Construction must be contracted to start within three months of the contract date to be eligible – with grants distributed via the states’ respective revenue offices – and contracts must be entered into between June 4 and December 31, 2020.

Successful applicants can build new homes up to the value of $750,000 (including the cost of land), or embark on renovations valued between $150,000 and $750,000 if the home is valued at no more than $1.5 million before the work begins.

Investment properties are off the cards, and the funding will go directly to individuals, not contractors.

“This is about targeted taxpayer support for a limited time using existing systems to ensure the money gets used how it should by families looking for that bit of extra help to make significant investments themselves,” Mr Morrison said.

If you’ve been putting off that renovation or new build, the extra $25,000 we’re putting on the table along with record-low interest rates means now’s the time to get started.”

The Prime Minister has also said the government is preparing a rescue plan for the struggling arts sector – part of a broader plan to substitute economy-wide assistance for more targeted support.

The announcement comes after industry groups warned that new-home building would fall off a cliff without government assistance.

Although the industry has kept most worksites open throughout the lockdown, cash-strapped and anxious consumers have cancelled contracts and delayed plans in response to rising economic uncertainty.

So much so that the Housing Industry Association last month said new-home building was on course for a 50 per cent drop in the second half of the year, with building commencements falling from 171,000 to 111,000.

Such a sharp drop in new-home building would cruel the economic recovery, as the construction industry employs almost 10 per cent of the workforce.

But leading economists told The New Daily before the announcement that building more social housing was a more efficient way of firing up construction.

Firstly because it’s likely that many of the home buyer grants will go to people who would have bought the home anyway – meaning some will be a waste of money.

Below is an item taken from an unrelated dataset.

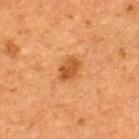Imaged during a routine full-body skin examination; the lesion was not biopsied and no histopathology is available. The tile uses cross-polarized illumination. From the upper back. A region of skin cropped from a whole-body photographic capture, roughly 15 mm wide. Longest diameter approximately 3 mm. The patient is a male roughly 50 years of age. Automated image analysis of the tile measured a lesion area of about 5 mm² and two-axis asymmetry of about 0.25. The analysis additionally found a nevus-likeness score of about 85/100 and a lesion-detection confidence of about 100/100.

And secondly, because every dollar of funding allocated to social housing would be injected into the economy, as the homes would definitely be built.

The success of the government’s HomeBuilder program, on the other hand, will depend on how many Australians have the means and appetite to buy a new home during a downturn.

If very few households take up the scheme, it will do little to help the economy.

“The most efficient way to support residential construction would be to build social housing,” Mr Coates told The New Daily last week.

“Within 12 months of the [Rudd government’s] Social Housing Initiative being announced, there was an enormous spike in public-sector dwelling approvals – so most of those homes were built very quickly, and they provided support for residential construction [when] it was quite weak.”

Meanwhile, Labor has urged the government to include social housing in any housing stimulus plan it advances, along with the Greens, unions, industry groups and the welfare sector.

“No serious, comprehensive plan to deal with the building industry can leave social housing out,” the ABC quoted Shadow Treasurer Jim Chalmers as saying.

“Social housing is good for jobs now and it would have a lasting benefit for Australians doing it tough into the future.”